Samsung began R&D on photovoltaics back in 1987 and a full scale R&D line up was established in September 2009. Certifications were obtained in 2010 including UL, CEC and IEC and in April last year the company supplied its first power plant in Korea. In May 2010 the company announced $5.5 billion worth of planned investment in solar PV by 2020. Much of its solar PV business is concentrated on crystalline panels although there is the potential for the company to go into thin-film production as well. Recently the company announced that it is to set up a 10,000 ton plant to produce polysilicon in a joint venture with US company MEMC. This will be onstream by 2013. The company aims to capture 8% of the market by 2015. This should be interesting given that at present its distribution channels are not that impressive, although its products are available in the UK and Australia.
In terms of price a 4kW LPC247 system will cost you around £12,000 for 16 panels and a 6.9 kW around £16,000. These systems are 15.24% efficient which is about average.
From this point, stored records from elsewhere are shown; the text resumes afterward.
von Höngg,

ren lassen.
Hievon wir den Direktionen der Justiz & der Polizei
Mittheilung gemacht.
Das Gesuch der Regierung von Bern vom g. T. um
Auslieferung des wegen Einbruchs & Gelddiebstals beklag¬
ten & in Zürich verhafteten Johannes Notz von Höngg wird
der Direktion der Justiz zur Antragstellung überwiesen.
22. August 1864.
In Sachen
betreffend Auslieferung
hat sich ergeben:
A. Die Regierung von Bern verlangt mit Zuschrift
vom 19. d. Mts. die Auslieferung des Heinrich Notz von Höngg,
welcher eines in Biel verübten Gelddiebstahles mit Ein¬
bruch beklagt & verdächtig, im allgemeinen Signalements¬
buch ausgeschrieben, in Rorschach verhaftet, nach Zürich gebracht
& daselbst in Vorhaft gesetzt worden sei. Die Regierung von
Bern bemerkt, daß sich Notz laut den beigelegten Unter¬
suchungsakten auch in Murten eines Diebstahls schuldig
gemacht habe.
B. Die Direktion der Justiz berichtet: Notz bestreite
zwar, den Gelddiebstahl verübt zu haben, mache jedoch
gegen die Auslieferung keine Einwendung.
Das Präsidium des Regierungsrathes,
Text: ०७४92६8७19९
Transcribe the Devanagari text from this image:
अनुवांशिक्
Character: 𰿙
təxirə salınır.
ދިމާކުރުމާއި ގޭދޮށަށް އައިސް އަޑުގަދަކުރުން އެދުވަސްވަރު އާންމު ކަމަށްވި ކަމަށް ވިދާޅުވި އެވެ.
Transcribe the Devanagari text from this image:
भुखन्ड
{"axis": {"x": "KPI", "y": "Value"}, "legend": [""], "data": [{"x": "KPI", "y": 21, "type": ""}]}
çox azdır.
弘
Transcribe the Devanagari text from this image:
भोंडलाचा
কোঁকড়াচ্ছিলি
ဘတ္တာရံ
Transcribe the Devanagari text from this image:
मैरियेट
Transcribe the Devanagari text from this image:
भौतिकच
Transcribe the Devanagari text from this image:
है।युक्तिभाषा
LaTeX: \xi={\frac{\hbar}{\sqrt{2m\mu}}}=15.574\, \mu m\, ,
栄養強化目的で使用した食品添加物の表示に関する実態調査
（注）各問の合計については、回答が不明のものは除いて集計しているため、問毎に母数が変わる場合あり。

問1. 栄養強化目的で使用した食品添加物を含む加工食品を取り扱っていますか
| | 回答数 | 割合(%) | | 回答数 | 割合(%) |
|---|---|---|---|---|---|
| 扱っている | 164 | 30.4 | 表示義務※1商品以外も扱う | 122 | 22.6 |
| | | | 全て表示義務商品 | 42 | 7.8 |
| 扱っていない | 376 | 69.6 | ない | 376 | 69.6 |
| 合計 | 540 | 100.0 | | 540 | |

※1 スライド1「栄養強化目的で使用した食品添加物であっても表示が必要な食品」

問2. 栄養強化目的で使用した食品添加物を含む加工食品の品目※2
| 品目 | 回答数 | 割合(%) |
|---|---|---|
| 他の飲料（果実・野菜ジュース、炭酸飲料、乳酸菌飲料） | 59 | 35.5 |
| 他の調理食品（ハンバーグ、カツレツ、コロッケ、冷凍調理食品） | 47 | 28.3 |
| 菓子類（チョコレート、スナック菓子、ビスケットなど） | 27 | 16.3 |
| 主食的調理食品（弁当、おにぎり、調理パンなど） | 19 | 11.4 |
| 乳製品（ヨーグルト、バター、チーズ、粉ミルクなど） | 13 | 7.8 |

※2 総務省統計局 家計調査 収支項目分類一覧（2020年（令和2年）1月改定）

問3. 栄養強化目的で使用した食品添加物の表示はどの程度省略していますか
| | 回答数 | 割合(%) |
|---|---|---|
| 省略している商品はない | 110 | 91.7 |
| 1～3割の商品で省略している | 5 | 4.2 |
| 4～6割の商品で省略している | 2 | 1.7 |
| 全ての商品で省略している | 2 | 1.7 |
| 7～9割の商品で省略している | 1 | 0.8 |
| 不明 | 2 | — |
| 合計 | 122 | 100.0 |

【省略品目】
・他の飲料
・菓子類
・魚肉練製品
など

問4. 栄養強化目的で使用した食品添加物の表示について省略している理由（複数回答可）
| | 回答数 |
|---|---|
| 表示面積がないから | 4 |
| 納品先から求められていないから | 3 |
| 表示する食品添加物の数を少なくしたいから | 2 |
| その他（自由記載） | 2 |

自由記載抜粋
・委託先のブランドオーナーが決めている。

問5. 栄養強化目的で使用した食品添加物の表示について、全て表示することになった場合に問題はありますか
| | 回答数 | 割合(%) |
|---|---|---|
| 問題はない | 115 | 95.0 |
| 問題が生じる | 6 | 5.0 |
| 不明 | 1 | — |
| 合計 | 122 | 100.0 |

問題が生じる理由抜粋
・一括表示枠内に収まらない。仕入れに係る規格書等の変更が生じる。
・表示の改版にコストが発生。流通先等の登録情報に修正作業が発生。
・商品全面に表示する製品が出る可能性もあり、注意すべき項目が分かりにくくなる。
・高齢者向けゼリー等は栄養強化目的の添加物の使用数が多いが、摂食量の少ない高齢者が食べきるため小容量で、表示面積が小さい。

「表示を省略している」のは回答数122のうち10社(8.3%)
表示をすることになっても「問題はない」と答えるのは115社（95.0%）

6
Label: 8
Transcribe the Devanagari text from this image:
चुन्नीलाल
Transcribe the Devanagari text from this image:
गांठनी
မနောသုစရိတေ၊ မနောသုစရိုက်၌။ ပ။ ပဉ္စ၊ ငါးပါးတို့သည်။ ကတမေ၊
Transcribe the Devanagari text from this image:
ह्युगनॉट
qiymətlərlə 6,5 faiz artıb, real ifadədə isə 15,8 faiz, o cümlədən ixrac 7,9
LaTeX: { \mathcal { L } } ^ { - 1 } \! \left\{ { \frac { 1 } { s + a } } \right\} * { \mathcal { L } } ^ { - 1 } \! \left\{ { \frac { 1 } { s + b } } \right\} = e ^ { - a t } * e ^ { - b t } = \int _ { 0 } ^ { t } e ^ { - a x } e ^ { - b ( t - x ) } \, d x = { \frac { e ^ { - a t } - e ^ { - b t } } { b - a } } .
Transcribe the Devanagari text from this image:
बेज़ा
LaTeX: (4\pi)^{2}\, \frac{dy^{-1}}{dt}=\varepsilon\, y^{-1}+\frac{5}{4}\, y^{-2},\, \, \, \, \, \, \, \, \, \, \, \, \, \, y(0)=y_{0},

At least one website I looked at does not consider Samsung to be offering anything different than many other PV companies although if the company is serious in its business aims it should start to improve its performance in the years ahead. The company has got itself a reputation for producing all sorts of solar powered gadgets particularly laptops and solar phones.
The company’s website claims strict quality control, world-class manufacturing, prompt delivery and top reliability. It supplies both white and black modules and its range of 241 watt panels includes 60 models operating at 15.6% efficiency. All panels have a high power output and low degradation rate which may be down to the company’s proprietary cell technology. The company offer a 25 year performance warranty at 80% efficiency.
All in all, I would say Samsung is about average with regards to solar PV.